The Cardioband Mitral System has been studied in a feasibility trial for CE mark acquisition in Europe [the system received CE mark in September 2015]. In my opinion, the results suggest percutaneous annular repair reduces mitral regurgitation in patients with functional mitral regurgitation and heart failure patients to a degree that is comparable to—if not better than—that achieved with surgical annuloplasty. The reduction of mitral regurgitation was substantial and is in line with a reproducible reduction of annular dimension, which remain stable throughout one year.

Can percutaneous annular repair be used to complement other mitral therapies?

Yes, the main advantage of percutaneous annular repair is it allows future complementary procedures such as leaflet repair or valve replacement to be performed if needed. Preserving the native valve anatomy is especially important in cases of mixed and complex aetiologies.

The Cardioband implant interacts only with the annulus, meaning it does not obstruct the future possibility of repair or replacement.

How does mitral annular dilatation affect the mitral valve? For example, can it lead to mitral regurgitation?

Mitral valve annular dilatation is one factor behind mitral regurgitation, and is almost invariably present in all patients. In some cases, it is primary (e.g. annular dilatation in patients with chronic atrial fibrillation), and in other cases it is the consequence of left ventricular remodelling (e.g. annular dilatation in patients with functional mitral regurgitation). Most of the patients I see in my clinic with mitral regurgitation have annular dilatation.

What are the current approaches to treating mitral annular dilatation?

There are several surgical rings (almost 50 different types), as well as several direct and indirect transcatheter annular repair systems under investigational and commercial use.

To date, in my opinion, Cardioband is the only available transcatheter device to perform annular repair with consistent and substantial annular remodelling. Other systems can only partially remodel the annulus and, thus, have to be considered palliative treatments with limited applicability.
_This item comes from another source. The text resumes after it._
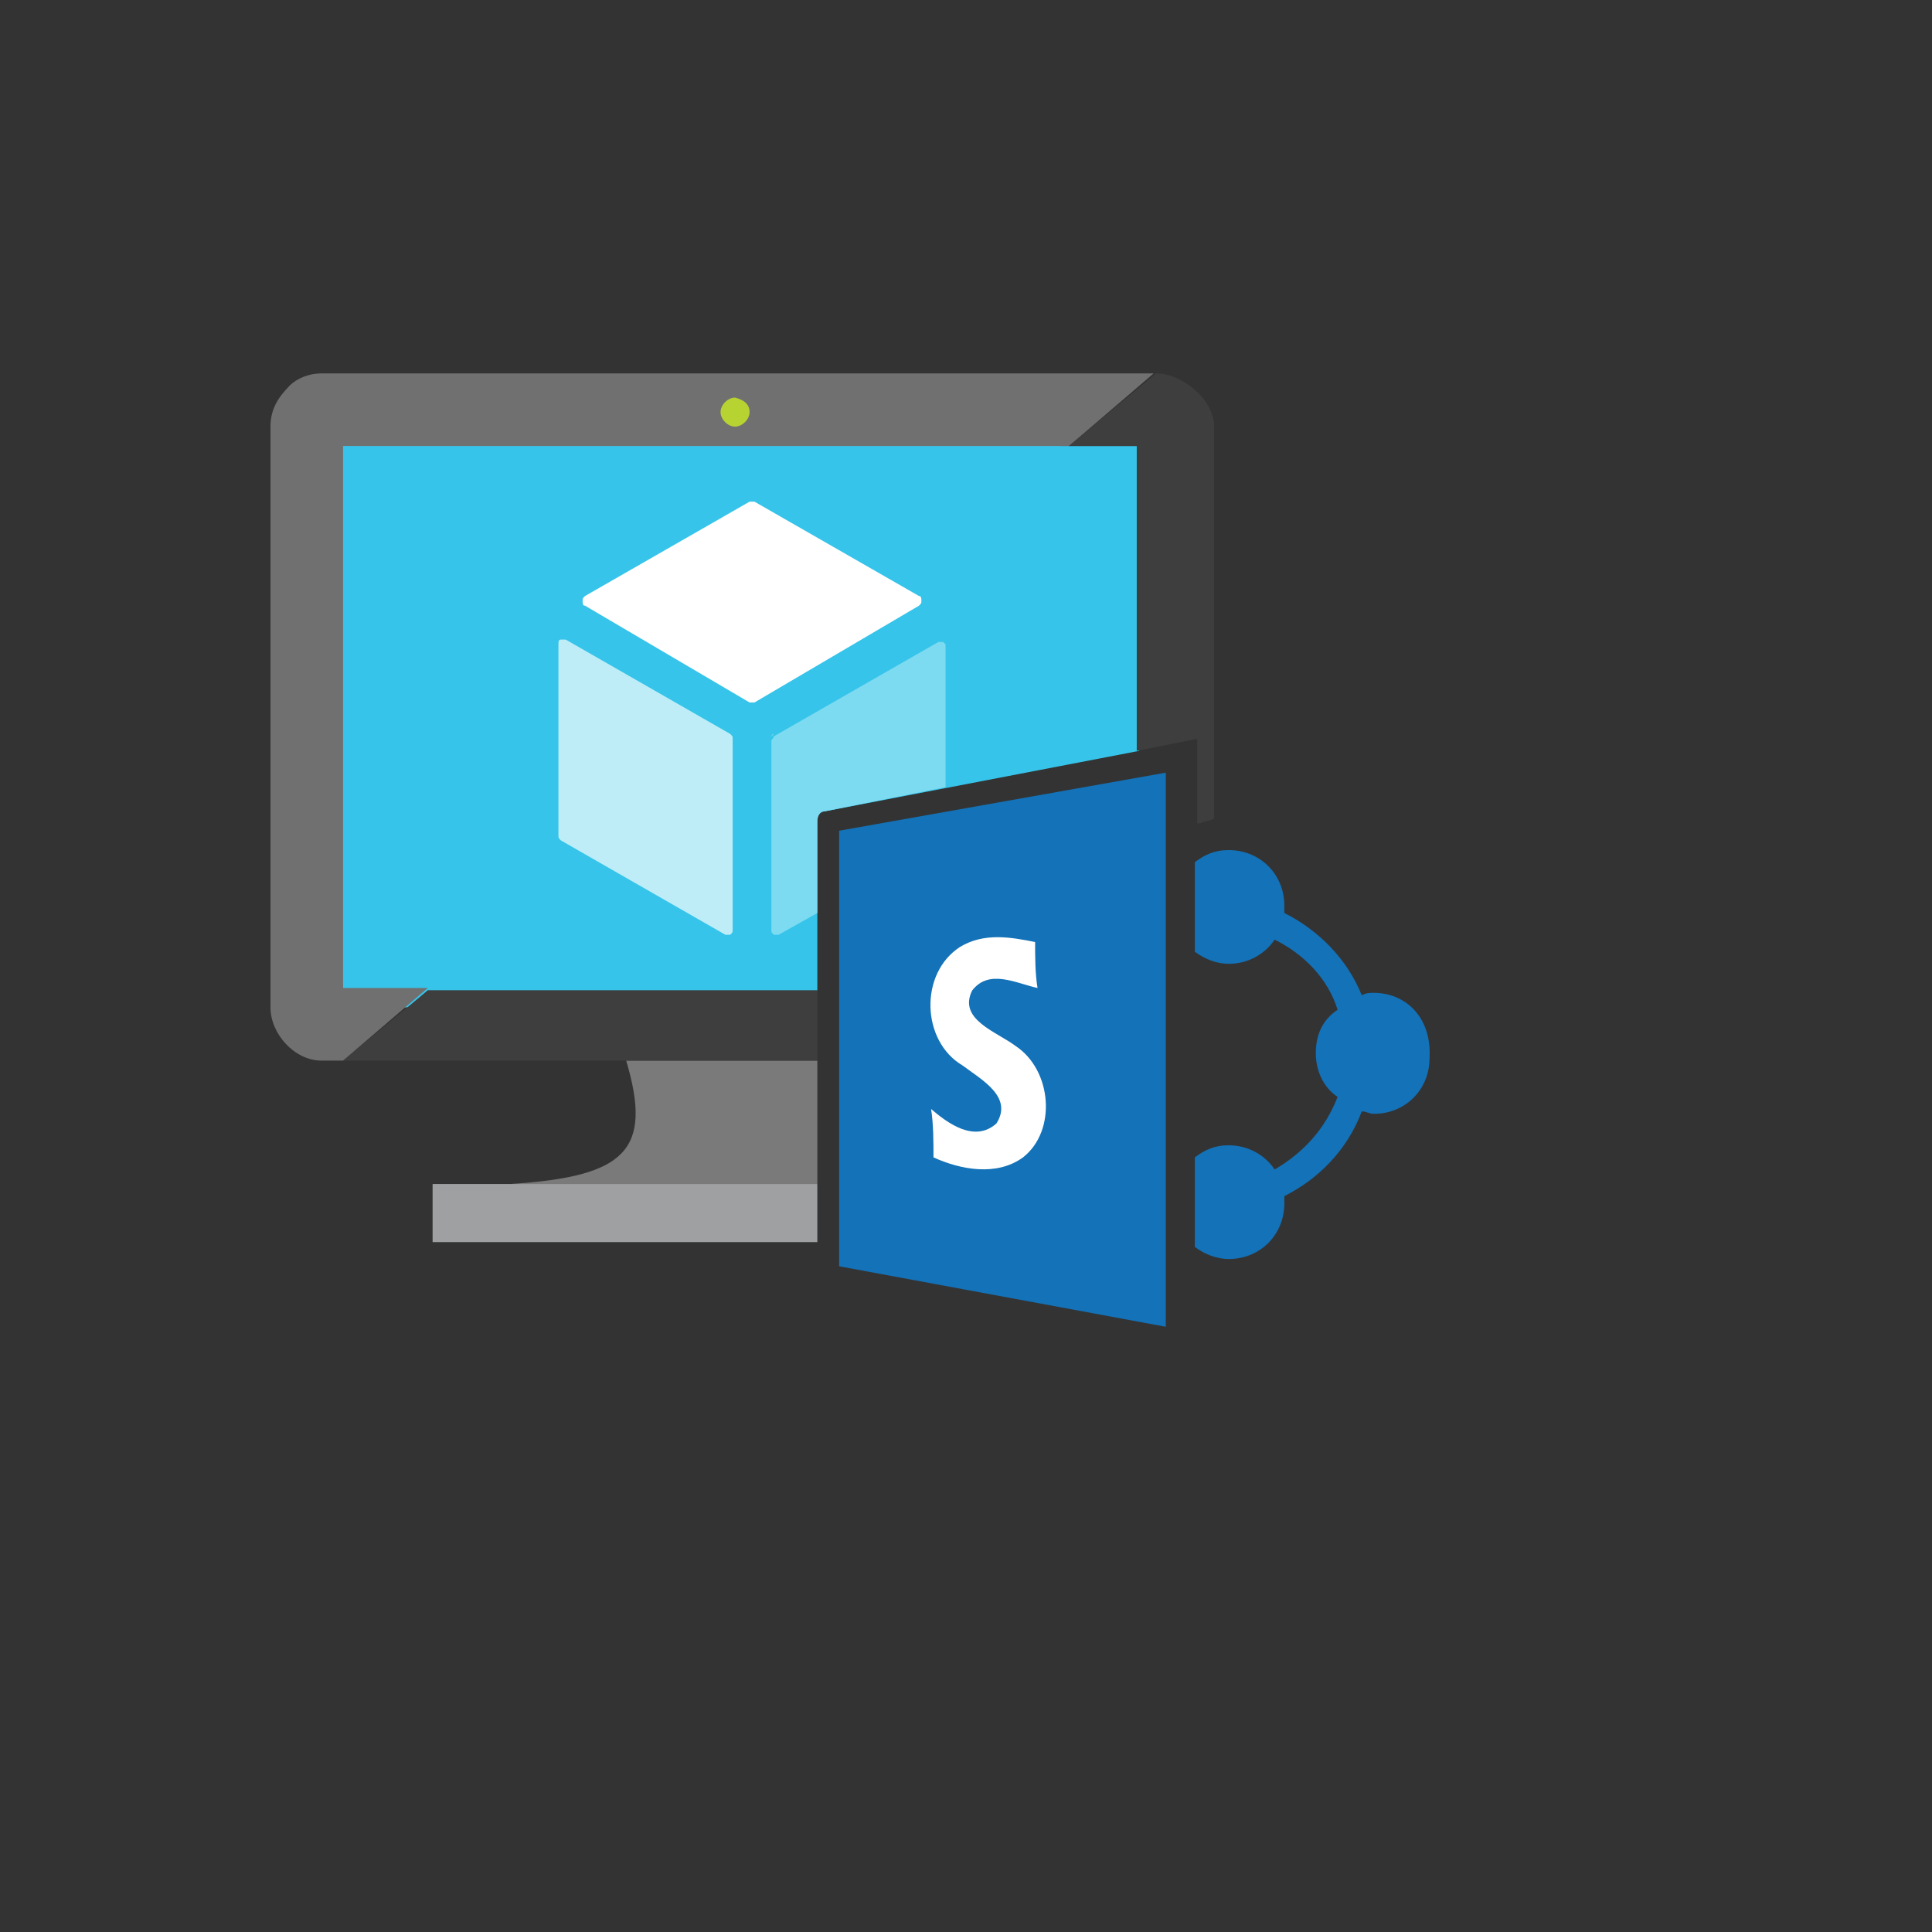 <svg xmlns="http://www.w3.org/2000/svg" version="1.1" xmlns:xlink="http://www.w3.org/1999/xlink" width="100%" height="100%" id="svgWorkerArea" viewBox="-25 -25 625 625" xmlns:idraw="https://idraw.muisca.co" style="background: white;"><rect x="-25" y="-25" width="625" height="625" fill="#333333" stroke="none"/><defs id="defsdoc"><pattern id="patternBool" x="0" y="0" width="10" height="10" patternUnits="userSpaceOnUse" patternTransform="rotate(35)"><circle cx="5" cy="5" r="4" style="stroke: none;fill: #ff000070;"></circle></pattern></defs><g id="fileImp-225318033" class="cosito"><path id="pathImp-106171914" fill="#36C4EA" class="grouped" d="M343.517 119.276C343.517 119.276 320.817 119.276 320.817 119.276 320.817 119.276 84.418 117.711 84.418 117.711 84.418 117.711 84.418 300.881 84.418 300.881 84.418 300.881 107.118 300.881 107.118 300.881 107.118 300.881 113.381 295.401 113.381 295.401 113.381 295.401 239.408 295.401 239.408 295.401 239.408 295.401 239.408 240.607 239.408 240.607 239.408 239.041 240.19 237.476 241.756 237.476 241.756 237.476 343.517 217.906 343.517 217.906 343.517 217.906 343.517 119.276 343.517 119.276 343.517 119.276 343.517 119.276 343.517 119.276"></path><path id="pathImp-489735046" fill="#7A7A7A" class="grouped" d="M239.408 318.102C239.408 318.102 177.568 318.102 177.568 318.102 186.179 347.065 177.568 355.675 139.995 358.023 139.995 358.023 239.408 358.023 239.408 358.023 239.408 358.023 239.408 318.102 239.408 318.102 239.408 318.102 239.408 318.102 239.408 318.102"></path><path id="pathImp-530009017" fill="#3E3E3E" class="grouped" d="M239.408 318.102C239.408 318.102 239.408 295.401 239.408 295.401 239.408 295.401 113.381 295.401 113.381 295.401 113.381 295.401 85.983 318.102 85.983 318.102 85.983 318.102 239.408 318.102 239.408 318.102 239.408 318.102 239.408 318.102 239.408 318.102"></path><path id="pathImp-213083481" fill="#7CDBF1" class="grouped" d="M280.112 182.681C280.112 182.681 278.547 182.681 278.547 182.681 278.547 182.681 225.318 213.209 225.318 213.209 225.318 213.992 224.535 213.992 224.535 214.775 224.535 214.775 224.535 275.832 224.535 275.832 224.535 276.615 224.535 276.615 225.318 277.397 225.318 277.397 226.883 277.397 226.883 277.397 226.883 277.397 239.408 270.352 239.408 270.352 239.408 270.352 239.408 240.607 239.408 240.607 239.408 239.041 240.19 237.476 241.756 237.476 241.756 237.476 280.895 229.648 280.895 229.648 280.895 229.648 280.895 183.464 280.895 183.464 280.895 183.464 280.112 182.681 280.112 182.681 280.112 182.681 280.112 182.681 280.112 182.681"></path><path id="pathImp-451523633" fill="#7CDBF1" class="grouped" d="M280.112 181.898C280.112 181.898 278.547 181.898 278.547 181.898 278.547 181.898 240.973 203.816 240.973 203.816 240.973 203.816 278.547 181.898 278.547 181.898 278.547 181.898 280.112 181.898 280.112 181.898 280.112 181.898 280.112 181.898 280.112 181.898M224.535 213.992C224.535 213.209 224.535 213.209 225.318 212.427 224.535 212.427 224.535 213.209 224.535 213.992 224.535 213.992 224.535 213.992 224.535 213.992"></path><path id="pathImp-224977551" fill="#9FA0A1" class="grouped" d="M116.512 358.023C116.512 358.023 114.946 358.023 114.946 358.023 114.946 358.023 114.946 376.81 114.946 376.81 114.946 376.81 239.408 376.81 239.408 376.81 239.408 376.81 239.408 358.023 239.408 358.023 239.408 358.023 116.512 358.023 116.512 358.023 116.512 358.023 116.512 358.023 116.512 358.023"></path><path id="pathImp-332681670" fill="#707070" class="grouped" d="M85.983 295.401C85.983 295.401 85.983 119.276 85.983 119.276 85.983 119.276 320.817 119.276 320.817 119.276 320.817 119.276 348.214 95.793 348.214 95.793 348.214 95.793 78.938 95.793 78.938 95.793 75.024 95.793 71.111 97.358 68.762 99.707 64.848 103.621 62.5 107.534 62.5 113.014 62.5 113.014 62.5 300.881 62.5 300.881 62.5 309.491 70.328 318.102 78.938 318.102 78.938 318.102 85.983 318.102 85.983 318.102 85.983 318.102 113.381 294.618 113.381 294.618 113.381 294.618 85.983 294.618 85.983 294.618 85.983 294.618 85.983 295.401 85.983 295.401 85.983 295.401 85.983 295.401 85.983 295.401"></path><path id="pathImp-369079851" fill="#B7D332" class="grouped" d="M217.49 108.317C217.49 110.666 215.142 113.014 212.793 113.014 210.445 113.014 208.097 110.666 208.097 108.317 208.097 105.969 210.445 103.621 212.793 103.621 215.924 104.403 217.49 105.969 217.49 108.317 217.49 108.317 217.49 108.317 217.49 108.317"></path><path id="pathImp-59467436" fill="#fff" class="grouped" d="M335.689 264.873C335.689 264.873 261.325 264.873 261.325 264.873 261.325 264.873 261.325 366.634 261.325 366.634 261.325 366.634 335.689 366.634 335.689 366.634 335.689 366.634 335.689 264.873 335.689 264.873 335.689 264.873 335.689 264.873 335.689 264.873"></path><path id="pathImp-63059122" fill="#1372B8" class="grouped" d="M419.447 296.184C417.881 296.184 417.098 296.184 415.533 296.967 410.836 285.225 401.443 275.832 390.484 270.352 390.484 270.352 390.484 268.004 390.484 268.004 390.484 257.828 382.656 250 372.48 250 367.783 250 364.652 251.566 361.521 253.914 361.521 253.914 361.521 282.877 361.521 282.877 364.652 285.225 368.566 286.791 372.48 286.791 378.742 286.791 384.222 283.659 387.353 278.963 396.746 283.659 404.574 291.487 407.705 301.663 403.008 304.795 400.66 309.491 400.66 315.753 400.66 321.233 403.008 326.712 407.705 329.843 403.791 340.019 396.746 347.847 387.353 353.327 384.222 348.63 378.742 345.499 372.48 345.499 367.783 345.499 364.652 347.065 361.521 349.413 361.521 349.413 361.521 378.376 361.521 378.376 364.652 380.724 368.566 382.289 372.48 382.289 382.656 382.289 390.484 374.462 390.484 364.286 390.484 364.286 390.484 361.937 390.484 361.937 401.443 356.458 410.836 347.065 415.533 334.54 417.098 334.54 417.881 335.323 419.447 335.323 429.623 335.323 437.45 327.495 437.45 317.319 438.233 304.012 429.623 296.184 419.447 296.184 419.447 296.184 419.447 296.184 419.447 296.184M246.453 243.738C246.453 243.738 246.453 384.638 246.453 384.638 246.453 384.638 352.128 404.207 352.128 404.207 352.128 404.207 352.128 224.951 352.128 224.951 352.128 224.951 246.453 243.738 246.453 243.738 246.453 243.738 246.453 243.738 246.453 243.738M305.944 349.413C297.333 355.675 285.592 353.327 276.981 349.413 276.981 344.716 276.981 338.454 276.198 333.757 281.678 338.454 290.288 344.716 297.333 338.454 302.813 329.843 292.637 324.364 286.374 319.667 273.067 311.839 272.284 289.922 285.592 281.311 293.419 276.615 302.03 278.18 309.858 279.746 309.858 284.442 309.858 289.922 310.64 294.618 303.596 293.053 294.985 288.356 289.505 295.401 284.809 304.795 297.333 308.708 303.596 313.405 315.337 321.233 316.903 340.802 305.944 349.413 305.944 349.413 305.944 349.413 305.944 349.413"></path><path id="pathImp-108906986" fill="#3E3E3E" class="grouped" d="M363.087 241.389C364.652 240.607 366.218 240.607 367.783 239.824 367.783 239.824 367.783 113.014 367.783 113.014 367.783 104.403 357.607 95.793 348.997 95.793 348.997 95.793 320.817 119.276 320.817 119.276 320.817 119.276 342.734 119.276 342.734 119.276 342.734 119.276 342.734 217.906 342.734 217.906 342.734 217.906 362.304 213.992 362.304 213.992 362.304 213.992 362.304 241.389 362.304 241.389 362.304 241.389 363.087 241.389 363.087 241.389 363.087 241.389 363.087 241.389 363.087 241.389"></path><path id="pathImp-719599926" fill="#fff" class="grouped" d="M218.273 202.251C218.273 202.251 217.49 202.251 217.49 202.251 217.49 202.251 164.261 170.94 164.261 170.94 163.478 170.94 163.478 170.157 163.478 169.374 163.478 168.591 163.478 168.591 164.261 167.808 164.261 167.808 217.49 137.28 217.49 137.28 217.49 137.28 219.055 137.28 219.055 137.28 219.055 137.28 272.284 167.808 272.284 167.808 273.067 167.808 273.067 168.591 273.067 169.374 273.067 170.157 273.067 170.157 272.284 170.94 272.284 170.94 219.055 202.251 219.055 202.251 219.055 202.251 218.273 202.251 218.273 202.251 218.273 202.251 218.273 202.251 218.273 202.251"></path><path id="pathImp-162209575" fill="#BEEDF7" class="grouped" d="M212.011 275.832C212.011 275.832 212.011 213.992 212.011 213.992 212.011 213.209 212.011 213.209 211.228 212.427 211.228 212.427 157.999 181.898 157.999 181.898 157.999 181.898 156.433 181.898 156.433 181.898 155.65 181.898 155.65 182.681 155.65 183.464 155.65 183.464 155.65 245.303 155.65 245.303 155.65 246.086 155.65 246.086 156.433 246.869 156.433 246.869 209.662 277.397 209.662 277.397 209.662 277.397 211.228 277.397 211.228 277.397 212.011 276.615 212.011 276.615 212.011 275.832 212.011 275.832 212.011 275.832 212.011 275.832"></path></g></svg>

Why might percutaneous annular repair be an effective treatment option for annular dilatation?

When dilatation is the problem, then transcatheter annular repair is actually superior to surgery as it can deliver the same treatment through a minimally invasive approach. There are no incisions, no heart lung machines, no ischaemia, and—most importantly—it is performed on the beating heart. This allows for adjustment of annular reduction and real-time confirmation of procedural results.

What evidence is available for managing annular dilatation with percutaneous annular repair?

Data are only available for the Cardioband Mitral System; in my opinion, the only device to reliably address annular dilatation.

What further evidence is needed for the management of mitral dilatation?

We need a head-to-head comparison with other repair procedures, and we need to define the ideal timing for this procedure. Different from MitraClip (closing the door to other interventions) or replacement (consequences of the prosthesis), percutaneous annular repair has the potential to be implemented and applied in the early phase of  congestive heart failure with functional mitral regurgitation, to try to obtain a greater prognostic benefit and induce reverse remodelling.